» Instructions for the task
Take from the records below each line that holds "elements".

[Records drawn from a dataset]
━━━━━━━━━━━━━━━━━━━━
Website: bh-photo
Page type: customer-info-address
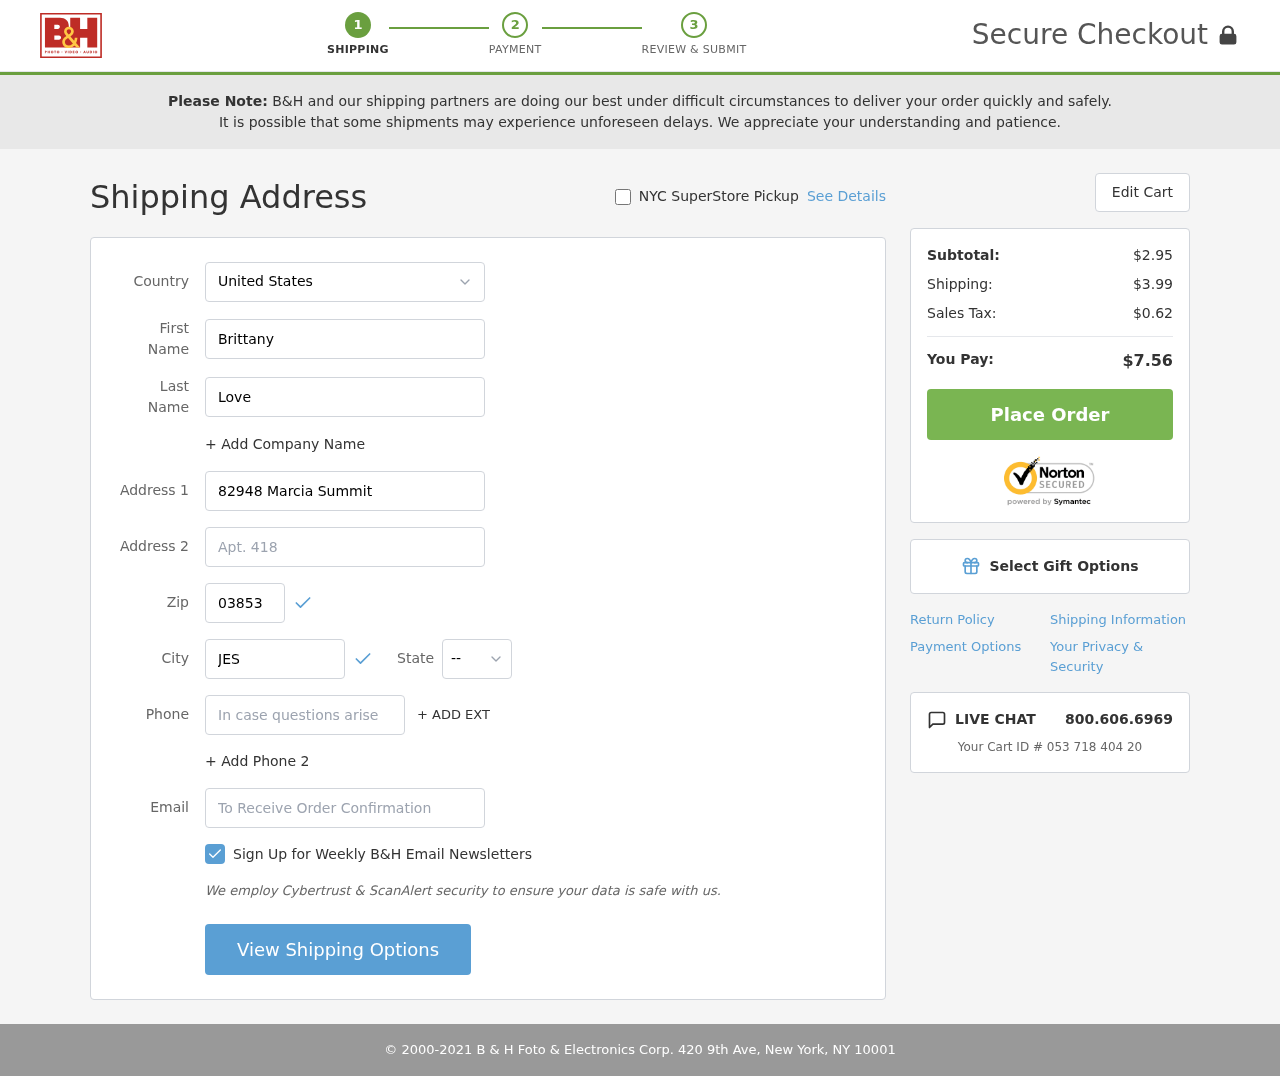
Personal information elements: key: PII_CITY
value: Jessicabury
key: PII_COUNTRY
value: United States
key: PII_EMAIL
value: blove@yahoo.com
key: PII_FIRSTNAME
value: Brittany
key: PII_LASTNAME
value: Love
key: PII_PHONE
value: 9042083625
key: PII_POSTCODE
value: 03853
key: PII_STATE_ABBR
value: AZ
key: PII_STREET
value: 82948 Marcia Summit
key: PII_STREET2
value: Apt. 418
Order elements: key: ORDER_SUBTOTAL
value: $2.95
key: ORDER_SHIPPING_COST
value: $3.99
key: ORDER_TAX
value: $0.62
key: ORDER_TOTAL
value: $7.56
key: ORDER_ID
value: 053 718 404 20
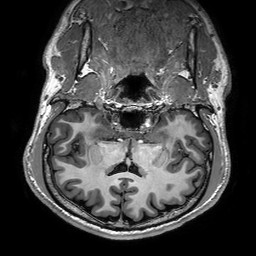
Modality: T1w
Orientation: sagittal
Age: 37
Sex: male
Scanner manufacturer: philips
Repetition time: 0.006428 s
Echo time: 0.00294 s
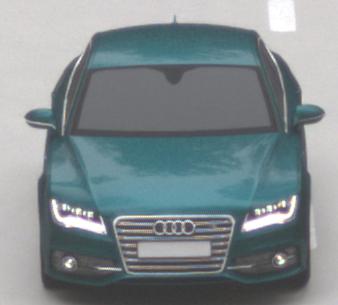
Make: Audi
Model: S7 Sportback cod
Detailed model: S7 (4G) Sportback
Model produced from: 2012/06
Model produced until: 2014/05
Doors: 5
Color: blue
Road condition: dry road
Daytime: morning or afternoon
Contrast: low contrast
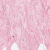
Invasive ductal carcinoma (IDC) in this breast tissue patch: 0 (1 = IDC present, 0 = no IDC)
━━━━━━━━━━━━━━━━━━━━
» Response to the exercise
Personal information elements: key: PII_CITY
Order elements: key: ORDER_SUBTOTAL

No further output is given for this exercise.